How will the applicant be able to guide the two children in their formative years from far away Israel?  It should be noted with regard to the requirement for a parent to provide a child with education that education is not a preserve of the classroom.  Regular interaction between parent and child is a form of education and a practical form  at that.  A lot of learning gets acquired by children through interaction with their parents, and that is where role models play an important part.  The reports of the Director, Children’s Services are, instructively, to the effect that no parent-child relationship seems to have been established between the applicant and the children.  Yet this is a condition precedent.  How will it ever take place, given the distance involved?

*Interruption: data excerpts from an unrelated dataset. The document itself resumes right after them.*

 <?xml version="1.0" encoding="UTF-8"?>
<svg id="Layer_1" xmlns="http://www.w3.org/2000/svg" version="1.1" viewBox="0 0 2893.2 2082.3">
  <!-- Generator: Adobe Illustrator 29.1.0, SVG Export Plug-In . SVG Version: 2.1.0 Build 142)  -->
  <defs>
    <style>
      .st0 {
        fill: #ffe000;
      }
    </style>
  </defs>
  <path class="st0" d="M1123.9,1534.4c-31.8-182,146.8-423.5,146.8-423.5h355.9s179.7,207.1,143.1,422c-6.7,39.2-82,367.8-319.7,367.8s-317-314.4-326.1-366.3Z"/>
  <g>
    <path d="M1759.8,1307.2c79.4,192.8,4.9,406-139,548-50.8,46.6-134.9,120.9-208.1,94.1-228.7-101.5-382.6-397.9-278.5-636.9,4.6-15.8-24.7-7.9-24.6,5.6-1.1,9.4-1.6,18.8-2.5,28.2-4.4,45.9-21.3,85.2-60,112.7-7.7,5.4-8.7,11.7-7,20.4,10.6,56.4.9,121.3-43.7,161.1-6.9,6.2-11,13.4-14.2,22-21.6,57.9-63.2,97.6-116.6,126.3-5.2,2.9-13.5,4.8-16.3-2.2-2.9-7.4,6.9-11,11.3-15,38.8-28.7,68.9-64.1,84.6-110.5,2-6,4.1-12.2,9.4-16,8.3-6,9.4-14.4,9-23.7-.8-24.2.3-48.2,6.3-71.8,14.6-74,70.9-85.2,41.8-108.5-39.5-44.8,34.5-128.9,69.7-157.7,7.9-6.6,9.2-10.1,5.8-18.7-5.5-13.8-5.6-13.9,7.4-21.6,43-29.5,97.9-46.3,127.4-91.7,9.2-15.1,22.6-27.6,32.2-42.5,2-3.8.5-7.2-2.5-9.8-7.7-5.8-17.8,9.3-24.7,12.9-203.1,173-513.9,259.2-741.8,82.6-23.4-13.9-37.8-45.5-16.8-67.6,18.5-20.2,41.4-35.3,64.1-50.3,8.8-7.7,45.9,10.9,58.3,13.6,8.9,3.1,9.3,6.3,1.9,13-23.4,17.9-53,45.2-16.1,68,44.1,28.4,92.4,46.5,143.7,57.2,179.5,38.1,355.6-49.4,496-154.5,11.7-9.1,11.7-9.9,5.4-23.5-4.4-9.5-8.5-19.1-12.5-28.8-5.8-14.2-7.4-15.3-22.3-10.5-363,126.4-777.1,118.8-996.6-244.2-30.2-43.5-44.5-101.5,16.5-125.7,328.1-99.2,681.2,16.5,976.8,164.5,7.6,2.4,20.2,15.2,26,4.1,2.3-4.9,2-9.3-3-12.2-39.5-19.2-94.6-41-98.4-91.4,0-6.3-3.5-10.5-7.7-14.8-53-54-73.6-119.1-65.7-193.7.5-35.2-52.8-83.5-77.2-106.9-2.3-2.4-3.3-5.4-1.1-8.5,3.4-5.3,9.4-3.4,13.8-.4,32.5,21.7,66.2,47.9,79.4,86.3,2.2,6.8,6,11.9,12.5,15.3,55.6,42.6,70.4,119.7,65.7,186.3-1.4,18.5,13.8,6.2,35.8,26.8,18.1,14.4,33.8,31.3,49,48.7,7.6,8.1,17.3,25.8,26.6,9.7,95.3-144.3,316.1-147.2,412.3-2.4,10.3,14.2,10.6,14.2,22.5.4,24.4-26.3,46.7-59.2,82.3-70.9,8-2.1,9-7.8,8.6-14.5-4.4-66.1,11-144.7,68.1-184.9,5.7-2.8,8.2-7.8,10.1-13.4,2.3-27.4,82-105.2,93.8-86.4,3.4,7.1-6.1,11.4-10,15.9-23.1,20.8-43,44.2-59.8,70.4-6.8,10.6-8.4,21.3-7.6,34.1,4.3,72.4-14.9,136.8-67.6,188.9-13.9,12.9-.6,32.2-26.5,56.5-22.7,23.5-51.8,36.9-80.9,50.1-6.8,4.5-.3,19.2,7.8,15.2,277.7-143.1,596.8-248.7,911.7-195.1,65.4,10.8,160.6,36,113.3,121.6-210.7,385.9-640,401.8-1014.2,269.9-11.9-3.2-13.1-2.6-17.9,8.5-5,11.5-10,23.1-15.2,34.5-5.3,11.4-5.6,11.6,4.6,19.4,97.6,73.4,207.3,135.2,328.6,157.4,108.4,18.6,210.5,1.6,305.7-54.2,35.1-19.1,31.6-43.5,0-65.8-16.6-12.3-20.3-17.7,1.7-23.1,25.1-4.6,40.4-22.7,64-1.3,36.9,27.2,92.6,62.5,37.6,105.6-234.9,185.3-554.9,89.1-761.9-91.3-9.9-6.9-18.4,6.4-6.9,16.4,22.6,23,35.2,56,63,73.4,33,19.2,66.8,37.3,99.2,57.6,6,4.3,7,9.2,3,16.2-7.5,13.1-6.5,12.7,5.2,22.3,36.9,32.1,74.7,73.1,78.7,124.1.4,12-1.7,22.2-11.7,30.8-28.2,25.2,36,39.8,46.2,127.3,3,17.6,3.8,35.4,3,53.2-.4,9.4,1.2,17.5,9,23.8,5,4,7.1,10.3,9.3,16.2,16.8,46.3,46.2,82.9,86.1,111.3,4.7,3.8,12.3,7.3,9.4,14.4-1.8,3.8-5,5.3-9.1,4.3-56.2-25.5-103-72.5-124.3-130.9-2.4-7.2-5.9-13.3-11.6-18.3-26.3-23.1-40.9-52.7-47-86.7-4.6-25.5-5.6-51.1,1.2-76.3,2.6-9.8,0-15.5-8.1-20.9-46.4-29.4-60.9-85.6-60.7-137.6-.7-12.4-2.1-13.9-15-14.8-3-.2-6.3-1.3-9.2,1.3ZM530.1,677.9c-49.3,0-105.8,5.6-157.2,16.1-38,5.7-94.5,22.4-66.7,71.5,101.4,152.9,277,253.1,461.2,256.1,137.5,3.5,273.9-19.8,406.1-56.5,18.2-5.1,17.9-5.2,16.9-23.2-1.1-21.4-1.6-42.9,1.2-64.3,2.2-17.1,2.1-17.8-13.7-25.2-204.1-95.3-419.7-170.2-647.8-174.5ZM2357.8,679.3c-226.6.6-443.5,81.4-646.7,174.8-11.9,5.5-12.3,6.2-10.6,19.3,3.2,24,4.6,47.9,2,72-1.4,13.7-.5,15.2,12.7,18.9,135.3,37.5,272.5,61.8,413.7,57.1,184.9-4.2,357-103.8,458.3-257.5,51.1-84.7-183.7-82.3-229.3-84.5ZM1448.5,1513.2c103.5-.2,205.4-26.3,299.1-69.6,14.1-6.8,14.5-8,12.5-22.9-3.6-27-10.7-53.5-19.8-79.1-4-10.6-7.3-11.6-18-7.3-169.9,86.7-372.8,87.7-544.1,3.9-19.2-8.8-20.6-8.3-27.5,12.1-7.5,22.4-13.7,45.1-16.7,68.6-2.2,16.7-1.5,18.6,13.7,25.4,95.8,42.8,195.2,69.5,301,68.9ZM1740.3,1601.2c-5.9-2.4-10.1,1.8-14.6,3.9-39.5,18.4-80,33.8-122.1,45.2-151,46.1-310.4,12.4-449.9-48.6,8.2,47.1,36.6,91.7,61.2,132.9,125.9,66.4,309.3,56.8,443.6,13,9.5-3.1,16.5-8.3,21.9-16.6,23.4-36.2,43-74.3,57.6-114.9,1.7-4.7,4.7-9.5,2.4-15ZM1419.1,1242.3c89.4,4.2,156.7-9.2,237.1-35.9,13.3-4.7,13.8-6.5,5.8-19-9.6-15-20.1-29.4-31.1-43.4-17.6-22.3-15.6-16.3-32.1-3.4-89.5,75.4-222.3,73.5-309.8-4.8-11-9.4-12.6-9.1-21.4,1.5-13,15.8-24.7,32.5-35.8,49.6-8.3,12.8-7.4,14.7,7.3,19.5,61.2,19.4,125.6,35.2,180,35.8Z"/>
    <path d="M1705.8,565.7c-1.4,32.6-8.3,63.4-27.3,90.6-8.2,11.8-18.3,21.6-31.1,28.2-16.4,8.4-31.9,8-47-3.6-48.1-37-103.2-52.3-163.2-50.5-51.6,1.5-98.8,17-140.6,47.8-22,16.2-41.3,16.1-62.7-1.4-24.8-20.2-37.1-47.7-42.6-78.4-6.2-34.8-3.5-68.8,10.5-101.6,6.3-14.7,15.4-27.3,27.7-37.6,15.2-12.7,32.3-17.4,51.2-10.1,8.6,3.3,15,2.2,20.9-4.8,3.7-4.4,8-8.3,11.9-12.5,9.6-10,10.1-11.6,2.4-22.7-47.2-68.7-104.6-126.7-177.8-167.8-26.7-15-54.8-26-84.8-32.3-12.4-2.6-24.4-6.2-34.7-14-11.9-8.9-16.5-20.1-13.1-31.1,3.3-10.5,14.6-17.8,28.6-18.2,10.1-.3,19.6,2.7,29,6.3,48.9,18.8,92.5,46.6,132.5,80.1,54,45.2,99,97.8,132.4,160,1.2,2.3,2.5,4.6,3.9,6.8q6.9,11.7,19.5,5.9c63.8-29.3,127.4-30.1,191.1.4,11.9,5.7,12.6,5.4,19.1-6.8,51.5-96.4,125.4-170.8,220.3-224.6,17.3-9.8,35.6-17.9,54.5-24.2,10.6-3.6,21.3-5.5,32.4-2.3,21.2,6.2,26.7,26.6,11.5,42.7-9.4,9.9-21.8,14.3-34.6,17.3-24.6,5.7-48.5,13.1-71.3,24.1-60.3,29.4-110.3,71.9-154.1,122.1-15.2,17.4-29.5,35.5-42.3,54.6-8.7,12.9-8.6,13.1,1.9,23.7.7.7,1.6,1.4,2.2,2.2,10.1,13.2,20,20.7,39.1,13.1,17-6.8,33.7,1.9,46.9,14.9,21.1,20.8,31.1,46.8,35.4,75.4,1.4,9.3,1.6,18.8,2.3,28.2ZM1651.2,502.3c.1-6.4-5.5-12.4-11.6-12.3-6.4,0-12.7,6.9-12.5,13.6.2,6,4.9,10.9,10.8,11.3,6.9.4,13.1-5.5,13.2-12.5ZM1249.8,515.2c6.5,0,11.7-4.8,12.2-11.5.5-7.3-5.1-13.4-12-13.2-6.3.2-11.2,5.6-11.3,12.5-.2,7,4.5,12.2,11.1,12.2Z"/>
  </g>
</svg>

Applicant’s counsel also drew this court’s attention to Nairobi High Court Adoption Cause No.139 of 2003 (supra), as a persuasive but not binding authority.  All I want to say about it is that it is distinguishable from the cases before me as in that case the applicant wanted to take the child along with her to the U.S.A and live with the child there.  The present cases seem to be ones of technical adoptions, otherwise the children will continue to live in Kenya under the custody, care and control of someone other than the applicant while the applicant basically carries on with her normal life in Israel.  This sounds like a new adoption concept.

The cases under consideration raise serious issues of adoption policy as well as ethical issues and Kenya’s Director of Children’s Services was justified in withholding recommending the proposed adoptions.  This is not to say the Director’s recommendations are binding on the court – far from it.  They are merely persuasive.  However, the concerns emerging from the two applications are too serious to be ignored.

In view of the foregoing, it is my unpleasant duty to decline to authorize the adoption applications under consideration and the same are hereby dismissed.

Orders accordingly.

Delivered at Nairobi this 17th day of November, 2006.